### Work request
Using the material below, copy every line where "median" appears.
● ● ● ● ● ● ●
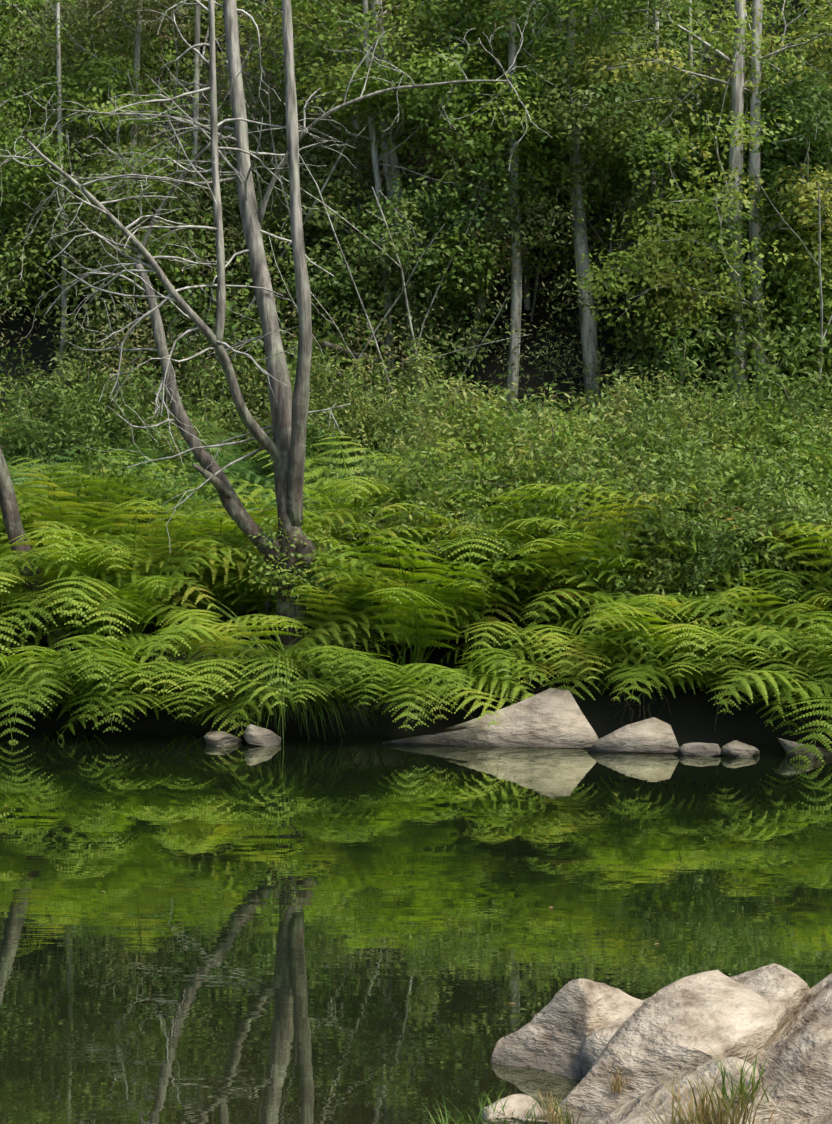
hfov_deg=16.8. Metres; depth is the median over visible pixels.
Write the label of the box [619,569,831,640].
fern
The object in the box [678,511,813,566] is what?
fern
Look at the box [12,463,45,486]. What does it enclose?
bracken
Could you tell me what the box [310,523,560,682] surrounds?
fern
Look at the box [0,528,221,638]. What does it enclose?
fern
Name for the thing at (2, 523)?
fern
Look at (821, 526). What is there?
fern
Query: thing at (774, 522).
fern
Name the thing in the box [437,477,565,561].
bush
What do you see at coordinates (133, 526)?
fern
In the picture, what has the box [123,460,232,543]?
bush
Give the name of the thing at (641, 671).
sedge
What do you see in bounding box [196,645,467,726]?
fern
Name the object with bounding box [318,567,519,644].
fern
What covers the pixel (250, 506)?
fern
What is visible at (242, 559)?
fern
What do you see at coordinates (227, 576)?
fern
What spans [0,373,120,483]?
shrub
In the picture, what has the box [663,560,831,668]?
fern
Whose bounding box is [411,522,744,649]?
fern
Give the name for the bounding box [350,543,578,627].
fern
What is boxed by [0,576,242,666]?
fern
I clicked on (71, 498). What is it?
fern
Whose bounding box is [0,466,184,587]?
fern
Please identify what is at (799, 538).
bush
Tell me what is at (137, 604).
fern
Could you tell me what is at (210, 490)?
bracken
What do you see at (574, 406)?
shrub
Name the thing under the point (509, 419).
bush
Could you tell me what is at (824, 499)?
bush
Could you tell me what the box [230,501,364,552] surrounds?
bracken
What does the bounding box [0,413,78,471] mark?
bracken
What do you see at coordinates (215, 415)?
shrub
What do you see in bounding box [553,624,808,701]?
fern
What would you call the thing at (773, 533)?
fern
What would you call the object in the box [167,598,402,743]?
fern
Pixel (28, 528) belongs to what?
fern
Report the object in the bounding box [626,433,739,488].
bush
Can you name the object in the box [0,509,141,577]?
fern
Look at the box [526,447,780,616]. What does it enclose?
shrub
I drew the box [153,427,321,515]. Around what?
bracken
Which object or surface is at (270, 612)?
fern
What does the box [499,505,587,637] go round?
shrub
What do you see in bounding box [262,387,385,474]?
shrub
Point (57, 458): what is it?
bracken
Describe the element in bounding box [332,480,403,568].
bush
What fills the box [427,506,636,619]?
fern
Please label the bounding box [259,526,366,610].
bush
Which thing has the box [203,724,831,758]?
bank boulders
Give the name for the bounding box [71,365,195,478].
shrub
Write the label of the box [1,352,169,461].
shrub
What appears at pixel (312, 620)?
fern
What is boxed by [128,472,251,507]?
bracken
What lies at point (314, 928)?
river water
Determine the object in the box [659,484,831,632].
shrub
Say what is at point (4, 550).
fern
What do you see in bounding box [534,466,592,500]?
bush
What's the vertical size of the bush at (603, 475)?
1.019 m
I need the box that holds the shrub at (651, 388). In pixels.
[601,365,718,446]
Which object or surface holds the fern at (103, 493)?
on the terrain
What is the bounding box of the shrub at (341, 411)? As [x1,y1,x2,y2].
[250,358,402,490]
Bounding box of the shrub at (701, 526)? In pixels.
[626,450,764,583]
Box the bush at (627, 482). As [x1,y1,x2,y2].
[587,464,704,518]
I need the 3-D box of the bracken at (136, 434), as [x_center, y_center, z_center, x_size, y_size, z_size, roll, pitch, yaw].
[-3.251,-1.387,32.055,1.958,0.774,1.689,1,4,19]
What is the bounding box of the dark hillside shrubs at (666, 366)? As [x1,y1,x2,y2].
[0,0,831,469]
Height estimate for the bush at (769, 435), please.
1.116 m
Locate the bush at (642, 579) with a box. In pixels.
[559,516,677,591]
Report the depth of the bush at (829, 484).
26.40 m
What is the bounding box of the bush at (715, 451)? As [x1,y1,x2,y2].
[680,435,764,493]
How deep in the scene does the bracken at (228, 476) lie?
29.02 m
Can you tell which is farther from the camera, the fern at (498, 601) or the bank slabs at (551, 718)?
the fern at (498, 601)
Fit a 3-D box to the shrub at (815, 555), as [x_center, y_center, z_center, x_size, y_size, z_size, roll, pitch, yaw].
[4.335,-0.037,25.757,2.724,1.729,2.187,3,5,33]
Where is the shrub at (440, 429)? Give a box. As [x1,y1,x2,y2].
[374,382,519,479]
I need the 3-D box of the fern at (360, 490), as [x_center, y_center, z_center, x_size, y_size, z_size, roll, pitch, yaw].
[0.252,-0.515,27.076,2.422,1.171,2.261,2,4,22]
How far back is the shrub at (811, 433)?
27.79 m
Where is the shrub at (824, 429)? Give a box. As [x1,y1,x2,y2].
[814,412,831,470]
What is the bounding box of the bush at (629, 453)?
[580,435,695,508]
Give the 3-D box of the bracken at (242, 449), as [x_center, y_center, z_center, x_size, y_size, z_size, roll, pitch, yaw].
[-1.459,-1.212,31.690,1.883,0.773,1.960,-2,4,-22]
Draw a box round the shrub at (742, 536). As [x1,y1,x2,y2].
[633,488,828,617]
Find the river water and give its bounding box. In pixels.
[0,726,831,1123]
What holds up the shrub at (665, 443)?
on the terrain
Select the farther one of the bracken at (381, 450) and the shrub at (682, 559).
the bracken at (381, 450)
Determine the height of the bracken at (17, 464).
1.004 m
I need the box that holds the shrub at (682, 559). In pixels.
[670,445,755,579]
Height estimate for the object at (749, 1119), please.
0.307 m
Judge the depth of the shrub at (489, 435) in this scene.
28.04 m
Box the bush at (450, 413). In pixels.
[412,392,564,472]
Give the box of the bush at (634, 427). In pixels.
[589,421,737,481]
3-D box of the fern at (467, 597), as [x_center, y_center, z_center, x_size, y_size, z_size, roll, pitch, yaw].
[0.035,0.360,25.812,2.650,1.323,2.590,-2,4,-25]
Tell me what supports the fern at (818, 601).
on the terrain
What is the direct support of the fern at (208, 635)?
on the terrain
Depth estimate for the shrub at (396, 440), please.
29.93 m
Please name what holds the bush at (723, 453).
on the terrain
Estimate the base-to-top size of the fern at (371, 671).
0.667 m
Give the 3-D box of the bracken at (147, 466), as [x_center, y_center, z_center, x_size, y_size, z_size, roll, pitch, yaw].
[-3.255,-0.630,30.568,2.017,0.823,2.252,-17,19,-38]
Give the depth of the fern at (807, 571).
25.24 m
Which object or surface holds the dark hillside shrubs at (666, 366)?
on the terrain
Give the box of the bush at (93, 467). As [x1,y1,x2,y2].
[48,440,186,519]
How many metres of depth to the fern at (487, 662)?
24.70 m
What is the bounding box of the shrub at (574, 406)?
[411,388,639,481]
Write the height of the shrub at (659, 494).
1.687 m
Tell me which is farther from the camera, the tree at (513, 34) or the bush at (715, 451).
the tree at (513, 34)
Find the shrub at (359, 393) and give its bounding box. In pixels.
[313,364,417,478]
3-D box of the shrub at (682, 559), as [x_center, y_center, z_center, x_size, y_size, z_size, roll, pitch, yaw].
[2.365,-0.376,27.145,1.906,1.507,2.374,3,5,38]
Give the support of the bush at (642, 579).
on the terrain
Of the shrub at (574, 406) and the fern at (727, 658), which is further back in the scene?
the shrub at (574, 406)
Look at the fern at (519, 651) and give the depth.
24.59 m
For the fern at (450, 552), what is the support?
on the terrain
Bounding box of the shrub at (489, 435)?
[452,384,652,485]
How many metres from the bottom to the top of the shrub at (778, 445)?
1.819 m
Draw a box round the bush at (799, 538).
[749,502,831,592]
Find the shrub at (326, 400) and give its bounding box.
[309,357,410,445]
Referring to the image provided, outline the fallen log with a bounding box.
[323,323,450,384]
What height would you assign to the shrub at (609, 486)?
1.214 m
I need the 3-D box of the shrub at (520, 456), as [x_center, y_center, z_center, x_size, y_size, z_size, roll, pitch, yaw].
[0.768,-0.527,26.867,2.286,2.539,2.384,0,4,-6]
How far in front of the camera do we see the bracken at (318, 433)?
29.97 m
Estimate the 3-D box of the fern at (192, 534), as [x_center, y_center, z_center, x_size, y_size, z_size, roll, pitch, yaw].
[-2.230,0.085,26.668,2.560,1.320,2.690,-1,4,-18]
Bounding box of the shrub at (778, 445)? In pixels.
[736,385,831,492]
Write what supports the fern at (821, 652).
● ● ● ● ● ● ●
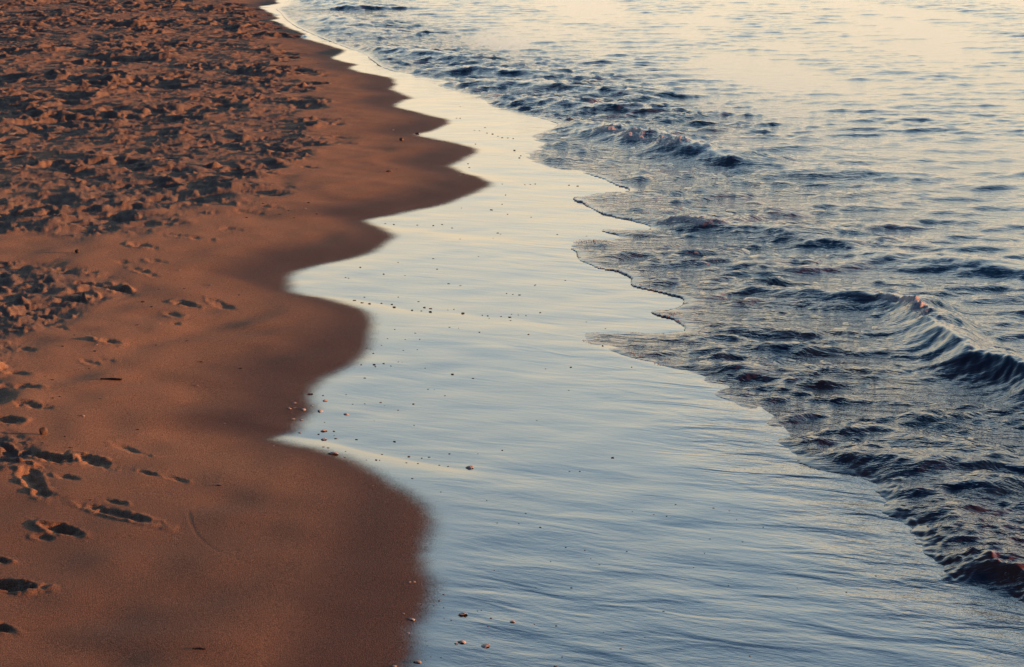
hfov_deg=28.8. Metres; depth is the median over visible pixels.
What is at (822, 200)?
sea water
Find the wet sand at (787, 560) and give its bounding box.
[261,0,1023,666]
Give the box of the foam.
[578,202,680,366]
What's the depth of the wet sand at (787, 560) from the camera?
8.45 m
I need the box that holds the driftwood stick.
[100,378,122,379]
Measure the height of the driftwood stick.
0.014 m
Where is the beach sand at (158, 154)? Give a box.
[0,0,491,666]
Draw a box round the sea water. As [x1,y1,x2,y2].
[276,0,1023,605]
● ● ● ● ● ● ●
### Your response
hfov_deg=16.8. Metres; depth is the median over visible pixels.
hfov_deg=28.8. Metres; depth is the median over visible pixels.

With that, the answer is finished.